We also provide a MASTER INDEX to this topic, or you can try the page top or bottom SEARCH BOX as a quick way to find information you need.
Our page top photo shows a typical emergency off switch for a heating system. Our photo below shows a fuse box that is used to accomplish the same purpose, though this older switch is more likely to be found near the entry to a basement where heating equipment is located.
A Guide All Controls & Switches for Air Conditioners, Heat Pumps, Heating Furnaces & Boilers, Electric Furnaces, Water Heaters
For details about the setting, re-setting, or function of the controls and switches commonly found on air conditioners, electric heat, heat pumps, boilers, furnaces (warm air heating systems) and water heaters,
see these articles:
Master Index to HVACR & Water Heater Controls & Switches
The articles at this website describe the basic components of a home heating system,
how to find the rated heating capacity of an heating system by examining various data tags and components, how to recognize common heating system operating or safety defects, and how to save money on home heating costs.
We include product safety recall and other heating system hazards.
If your building has lost heat, checking that the heating equipment is actually turned "on" at all of these switches is a first step in diagnosing the problem. This article series answers most questions about central heating system troubleshooting, inspection, diagnosis, and repairs.
We describe how to inspect, troubleshoot and repair heating and air conditioning systems to inform home owners, buyers, and home inspectors of common heating system defects.
Electrical power switches on heating and cooling systems: where will the power switches be located, how do we know if we have turned
on power to the heating or cooling system?
Electrical switches that turn off electric power that operates any type of heating system: furnace, boiler, steam boiler, heat pump, electric heat, are required for both safety and for service.
An emergency off switch for the building heating system should be found outside of the basement or other boiler or furnace room location and accessible so that an occupant can, in an emergency, turn off heat without having to enter a possibly smoky or dangerous area.
A second electrical "off" service switch should be found on or very close to the heating equipment itself.
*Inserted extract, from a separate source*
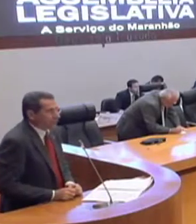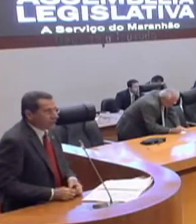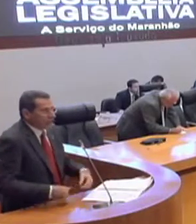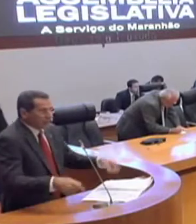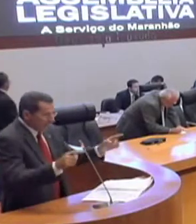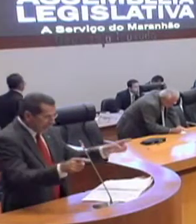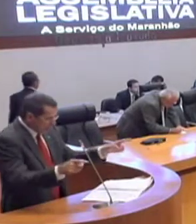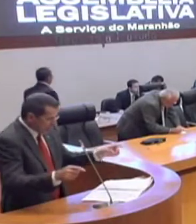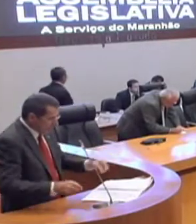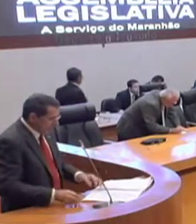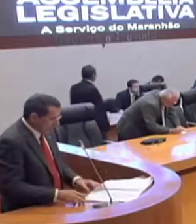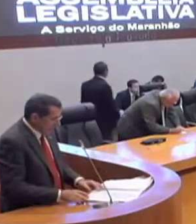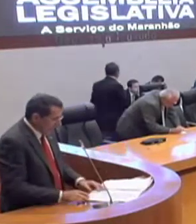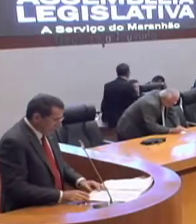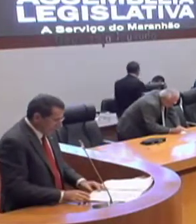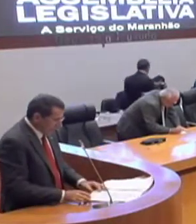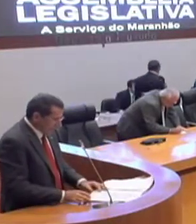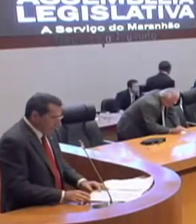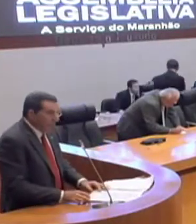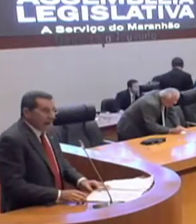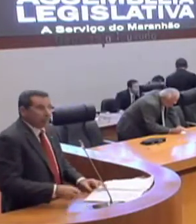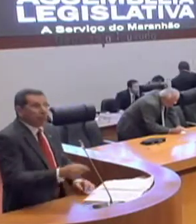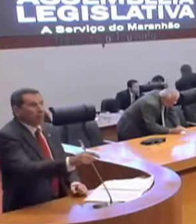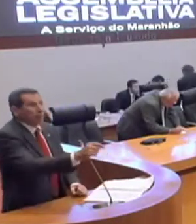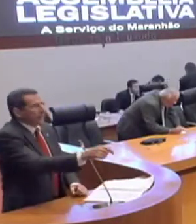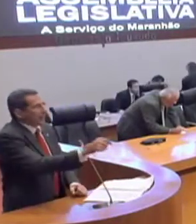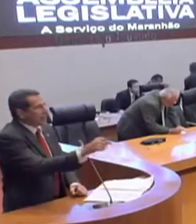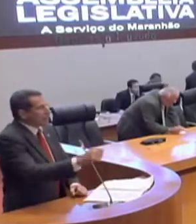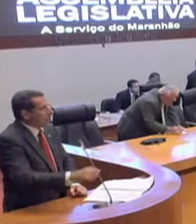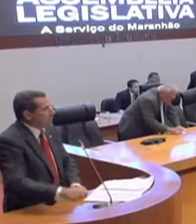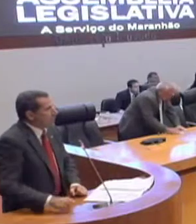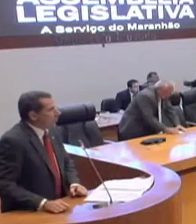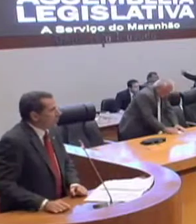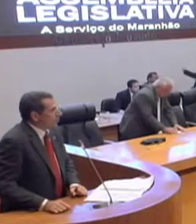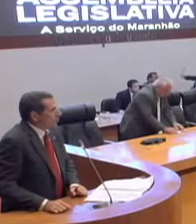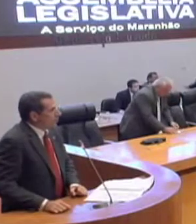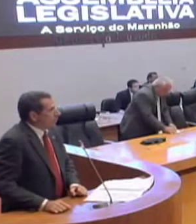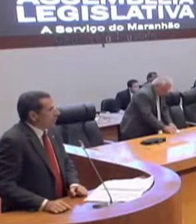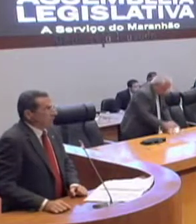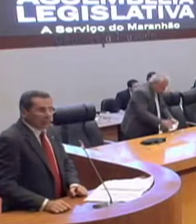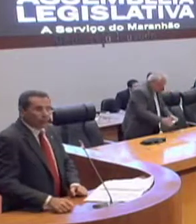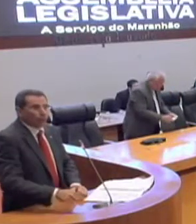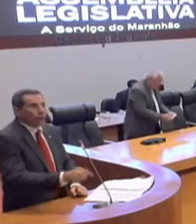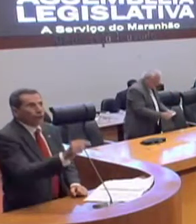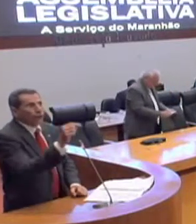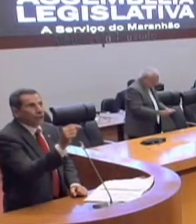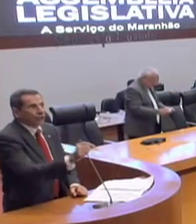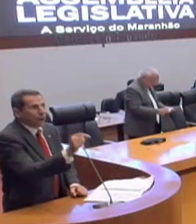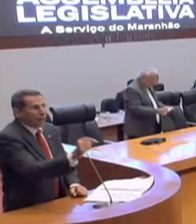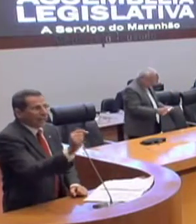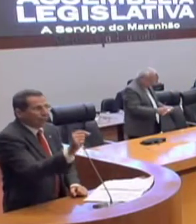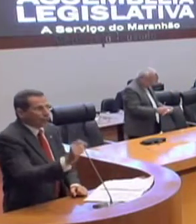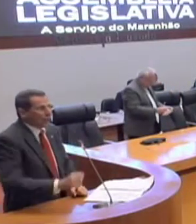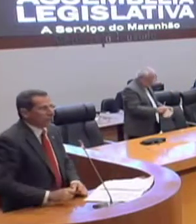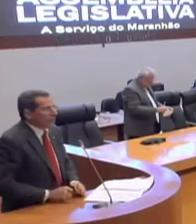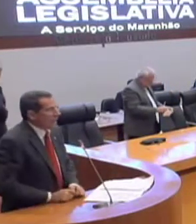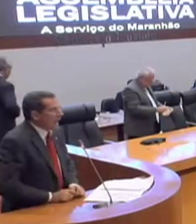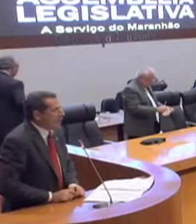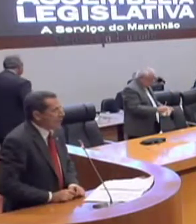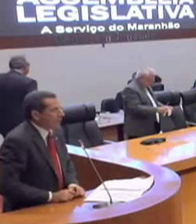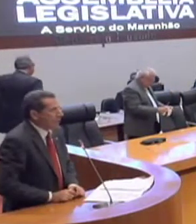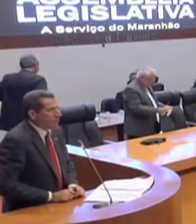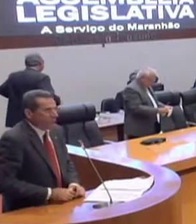agrícolas, que recentemente citei. Aprovamos aqui recentemente a lei do Fundo Estadual da Agricultura

This second service switch is used by the heating service technician.
A third electrical switch or fuse turns off power to the heating equipment service at the building electrical panel. If a circuit breaker has tripped or a fuse has blown on the heating equipment's electrical circuit, you may be able to restore heat at the electrical panel.
But for safety reasons it is important to determine why the fuse blew or the circuit breaker tripped. If you replace a fuse or re-set a circuit breaker and the fuse blows or circuit breaker trips again, do not restore electrical power to that circuit - call a service technician to diagnose and repair the problem.
Continue reading at BOILER CONTROLS & SWITCHES or select a topic from closely-related articles below, or see our complete INDEX to RELATED ARTICLES below.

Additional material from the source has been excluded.